*What you need to do*:
Go through the entries, filter for the word "edge", and copy every line that has it.

_ _ _ _ _ _ _

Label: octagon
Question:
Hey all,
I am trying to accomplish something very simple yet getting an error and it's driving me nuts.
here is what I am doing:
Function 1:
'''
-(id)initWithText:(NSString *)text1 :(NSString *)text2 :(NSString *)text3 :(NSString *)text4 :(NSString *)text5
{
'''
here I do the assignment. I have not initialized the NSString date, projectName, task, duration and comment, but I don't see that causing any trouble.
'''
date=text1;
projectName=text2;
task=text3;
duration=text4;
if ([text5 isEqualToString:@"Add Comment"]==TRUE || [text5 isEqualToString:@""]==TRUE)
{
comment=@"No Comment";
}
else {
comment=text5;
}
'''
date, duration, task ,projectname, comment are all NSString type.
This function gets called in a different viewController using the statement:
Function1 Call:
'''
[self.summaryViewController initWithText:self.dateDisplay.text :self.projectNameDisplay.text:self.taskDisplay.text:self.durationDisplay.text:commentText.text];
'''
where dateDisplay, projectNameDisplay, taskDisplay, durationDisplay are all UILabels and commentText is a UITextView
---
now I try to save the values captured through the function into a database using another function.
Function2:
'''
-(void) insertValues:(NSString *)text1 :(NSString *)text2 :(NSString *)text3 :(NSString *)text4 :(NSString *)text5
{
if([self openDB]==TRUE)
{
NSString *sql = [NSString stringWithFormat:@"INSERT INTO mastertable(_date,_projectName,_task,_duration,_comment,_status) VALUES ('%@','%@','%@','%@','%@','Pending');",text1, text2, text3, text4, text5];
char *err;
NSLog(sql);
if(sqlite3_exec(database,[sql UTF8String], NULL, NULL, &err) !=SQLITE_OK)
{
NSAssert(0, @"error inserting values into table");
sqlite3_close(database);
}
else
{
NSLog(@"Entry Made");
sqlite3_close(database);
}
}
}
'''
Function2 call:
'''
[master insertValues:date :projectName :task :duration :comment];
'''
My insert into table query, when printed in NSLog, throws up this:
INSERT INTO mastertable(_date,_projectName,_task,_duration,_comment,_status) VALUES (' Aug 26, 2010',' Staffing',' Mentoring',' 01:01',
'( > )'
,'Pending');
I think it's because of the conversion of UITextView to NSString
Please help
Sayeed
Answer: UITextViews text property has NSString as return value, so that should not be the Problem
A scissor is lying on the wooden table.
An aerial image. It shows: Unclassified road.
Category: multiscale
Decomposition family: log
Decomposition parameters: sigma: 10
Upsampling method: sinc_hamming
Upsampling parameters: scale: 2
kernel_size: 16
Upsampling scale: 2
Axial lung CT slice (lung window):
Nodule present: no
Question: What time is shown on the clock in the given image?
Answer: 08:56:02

_ _ _ _ _ _ _

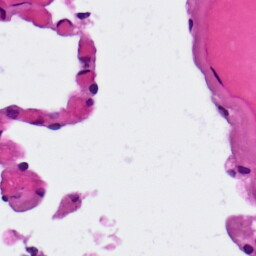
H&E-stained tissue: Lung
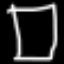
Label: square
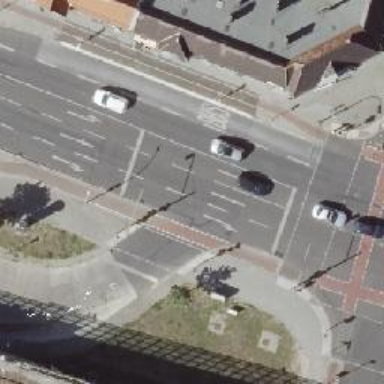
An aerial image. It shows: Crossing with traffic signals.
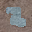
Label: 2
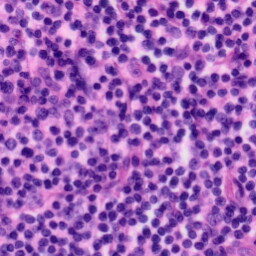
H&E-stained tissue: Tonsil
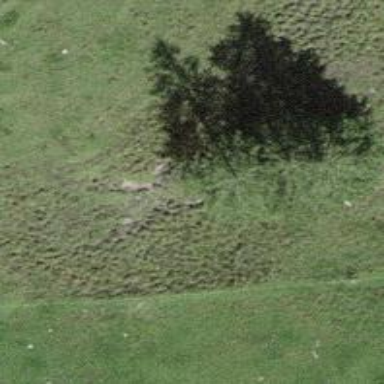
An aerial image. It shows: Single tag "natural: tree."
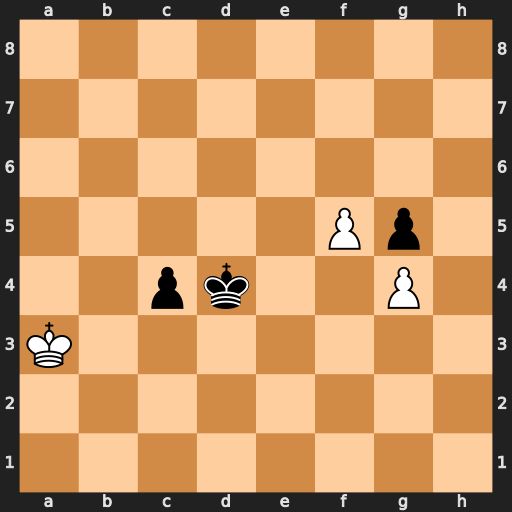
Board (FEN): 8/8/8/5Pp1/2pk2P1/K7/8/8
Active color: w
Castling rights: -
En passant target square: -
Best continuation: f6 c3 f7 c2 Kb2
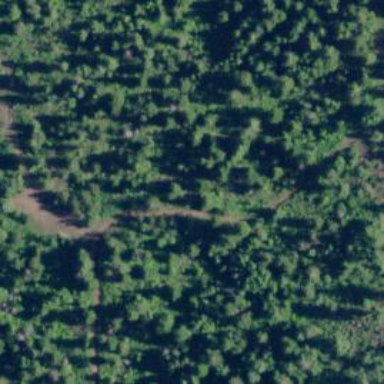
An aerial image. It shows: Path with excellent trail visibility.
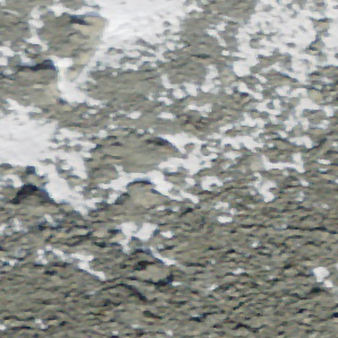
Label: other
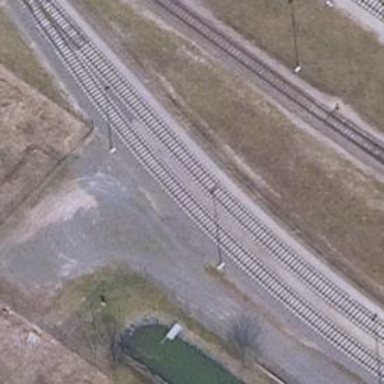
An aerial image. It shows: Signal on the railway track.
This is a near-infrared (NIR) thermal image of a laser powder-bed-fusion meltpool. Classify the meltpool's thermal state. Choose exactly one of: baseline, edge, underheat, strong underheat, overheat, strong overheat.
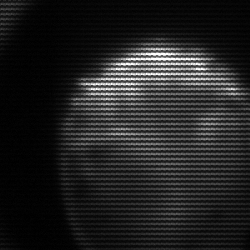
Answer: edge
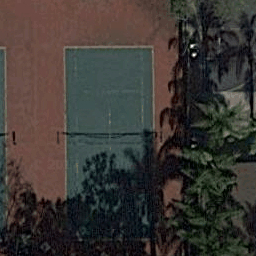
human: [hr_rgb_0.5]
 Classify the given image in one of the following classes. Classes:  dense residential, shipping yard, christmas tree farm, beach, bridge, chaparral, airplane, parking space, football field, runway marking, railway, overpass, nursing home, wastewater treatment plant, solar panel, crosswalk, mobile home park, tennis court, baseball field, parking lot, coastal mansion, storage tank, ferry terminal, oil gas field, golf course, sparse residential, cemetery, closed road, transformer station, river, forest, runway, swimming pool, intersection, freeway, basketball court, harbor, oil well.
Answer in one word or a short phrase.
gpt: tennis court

_ _ _ _ _ _ _

*Task answer*:
This is a near-infrared (NIR) thermal image of a laser powder-bed-fusion meltpool. Classify the meltpool's thermal state. Choose exactly one of: baseline, edge, underheat, strong underheat, overheat, strong overheat.
Answer: edge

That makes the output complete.